▶ [WHAT THIS TASK INVOLVES]
Word for word, return the lines below from the first through the line that has "16C0 7.163 7.163", dropping the pictures.

--------------------

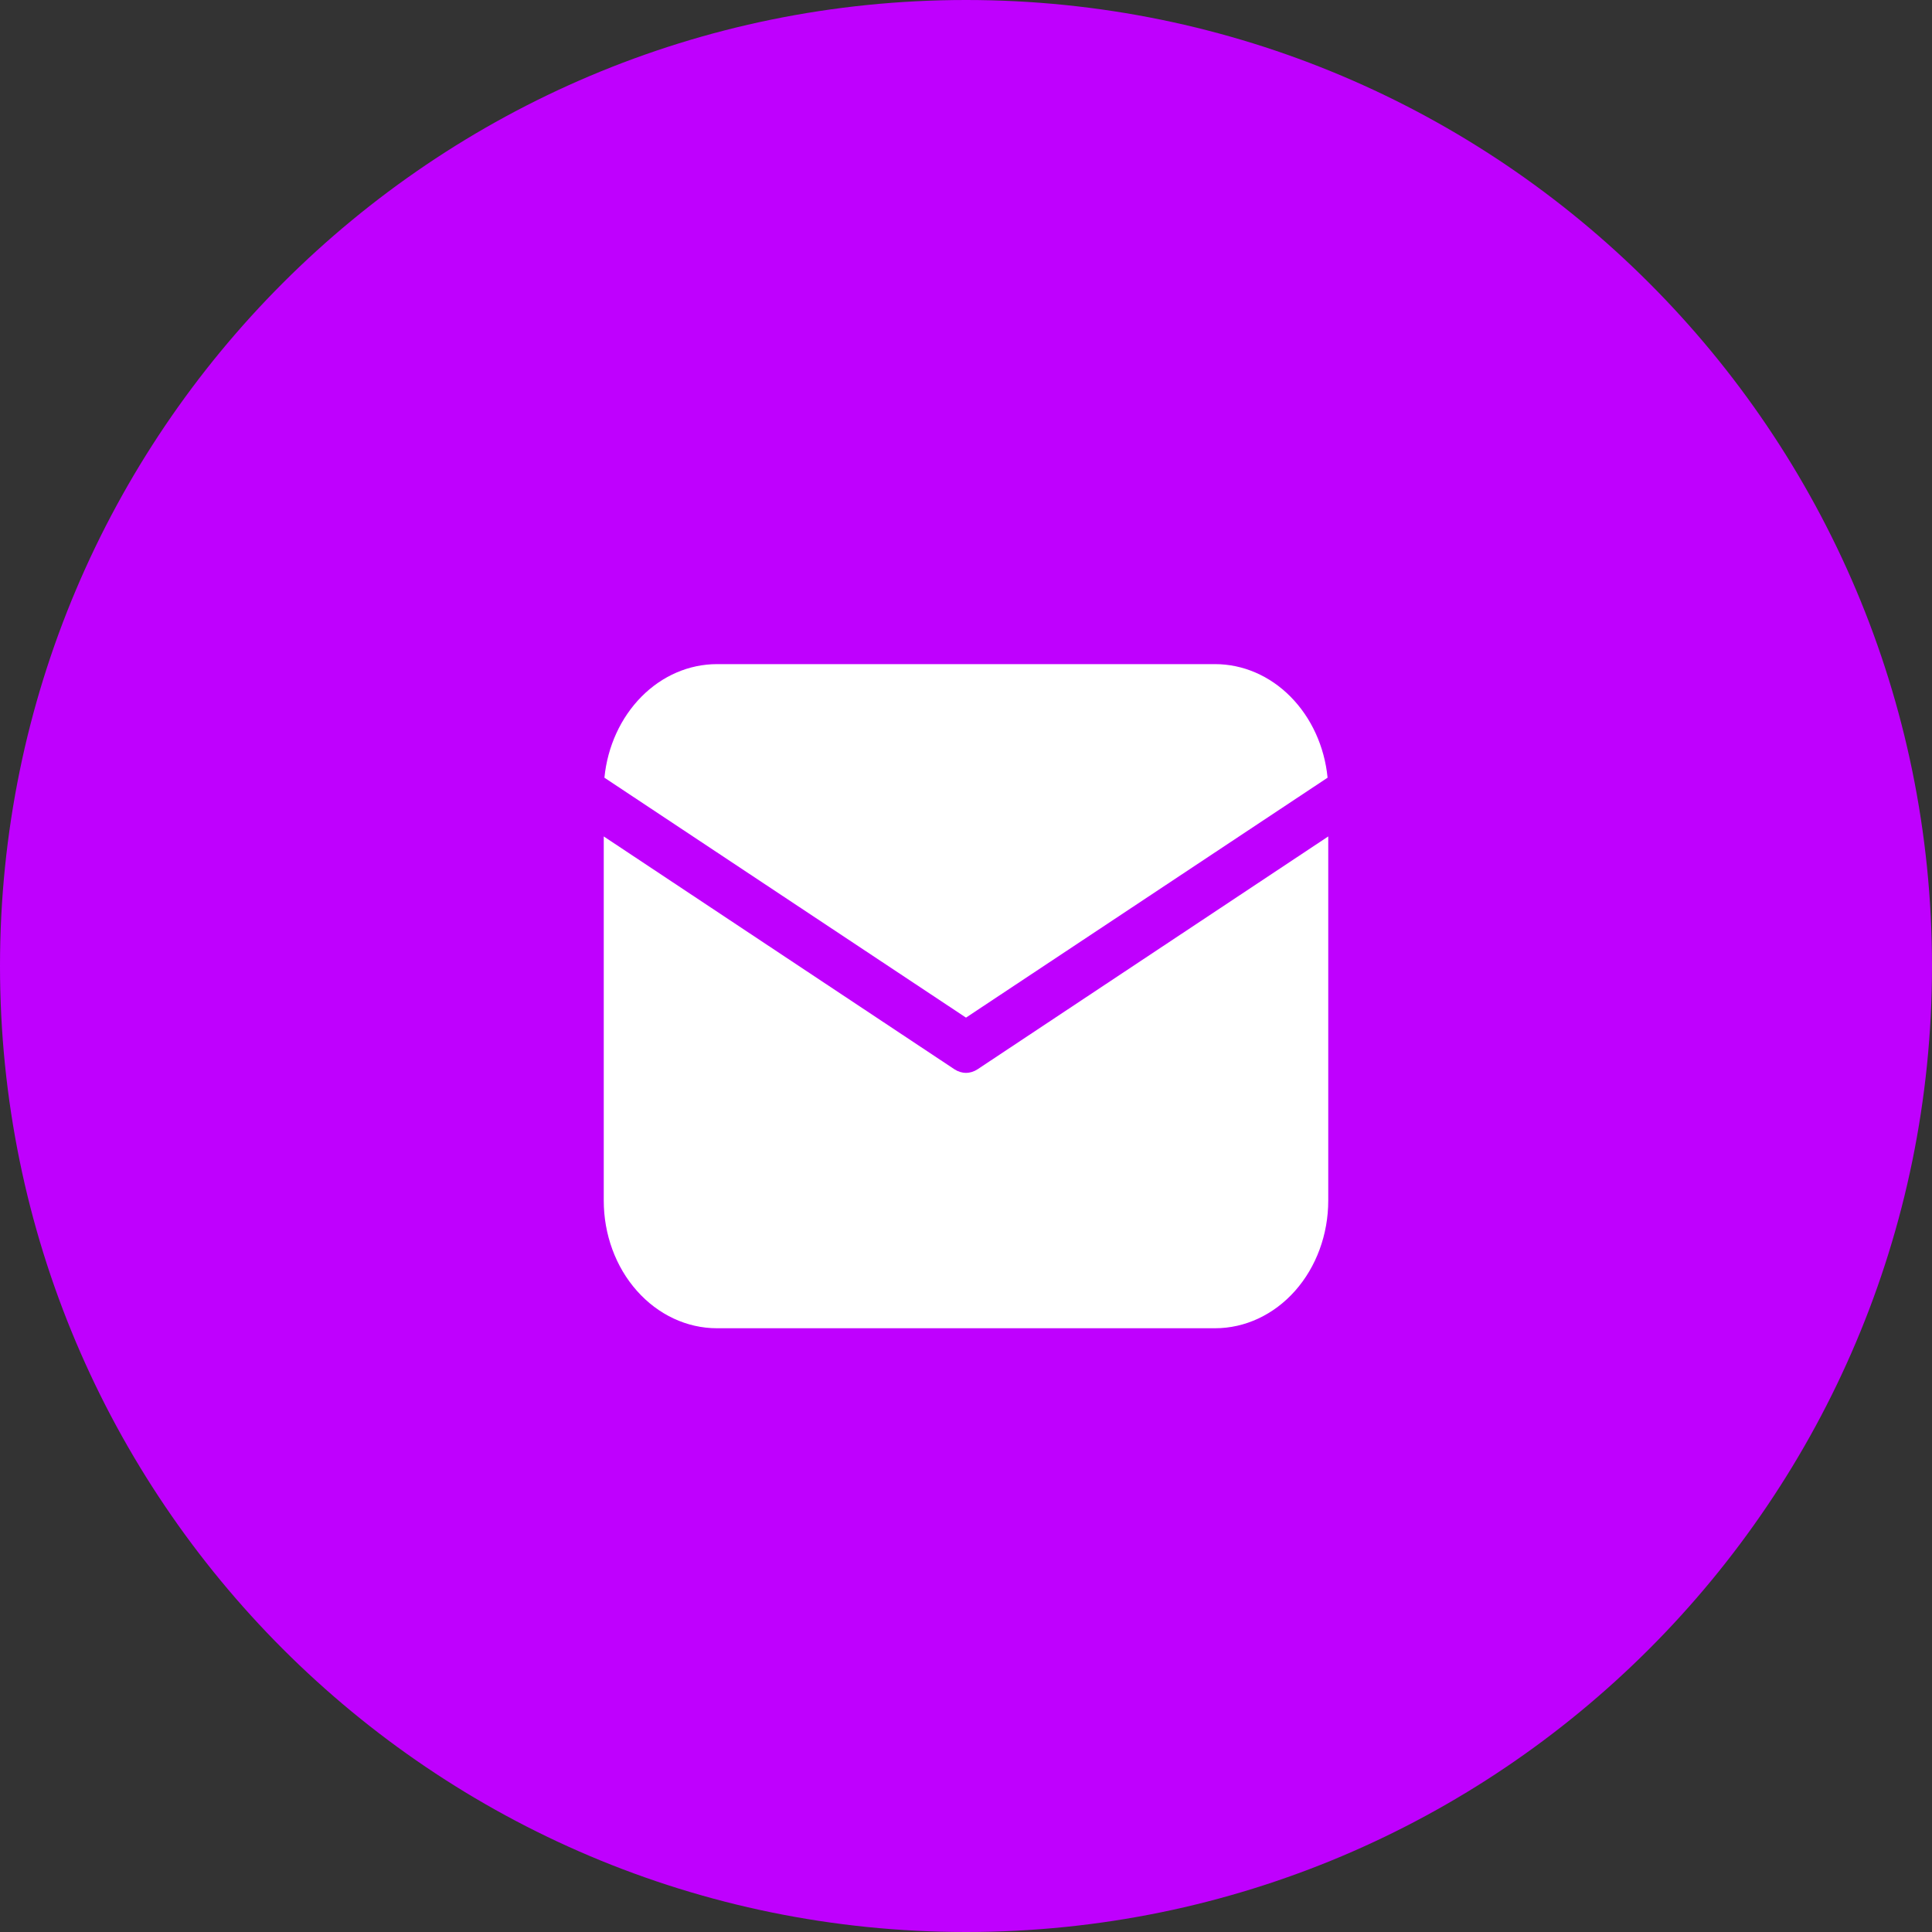 <svg width="32" height="32" viewBox="0 0 32 32" fill="none" xmlns="http://www.w3.org/2000/svg">
<rect x="0" y="0" width="32" height="32" fill="#333333" stroke="none"/>
<path d="M0 16C0 7.163 7.163 0 16 0C24.837 0 32 7.163 32 16C32 24.837 24.837 32 16 32C7.163 32 0 24.837 0 16Z" fill="#BF00FE"/>
<path d="M22 13.854V19.885C22 20.446 21.802 20.984 21.451 21.38C21.099 21.777 20.622 22 20.125 22H11.875C11.378 22 10.901 21.777 10.549 21.38C10.197 20.984 10 20.446 10 19.885V13.854L15.809 17.711C15.867 17.749 15.933 17.77 16 17.77C16.067 17.77 16.133 17.749 16.191 17.711L22 13.854ZM20.125 11C20.586 11 21.032 11.192 21.375 11.539C21.719 11.886 21.938 12.364 21.989 12.881L16 16.855L10.011 12.881C10.062 12.364 10.281 11.886 10.625 11.539C10.968 11.192 11.414 11 11.875 11H20.125Z" fill="white"/>
</svg>

--------------------

▶ [RESPONSE BELOW]
 <svg width="32" height="32" viewBox="0 0 32 32" fill="none" xmlns="http://www.w3.org/2000/svg">
<rect x="0" y="0" width="32" height="32" fill="#333333" stroke="none"/>
<path d="M0 16C0 7.163 7.163 0 16 0C24.837 0 32 7.163 32 16C32 24.837 24.837 32 16 32C7.163 32 0 24.837 0 16Z" fill="#BF00FE"/>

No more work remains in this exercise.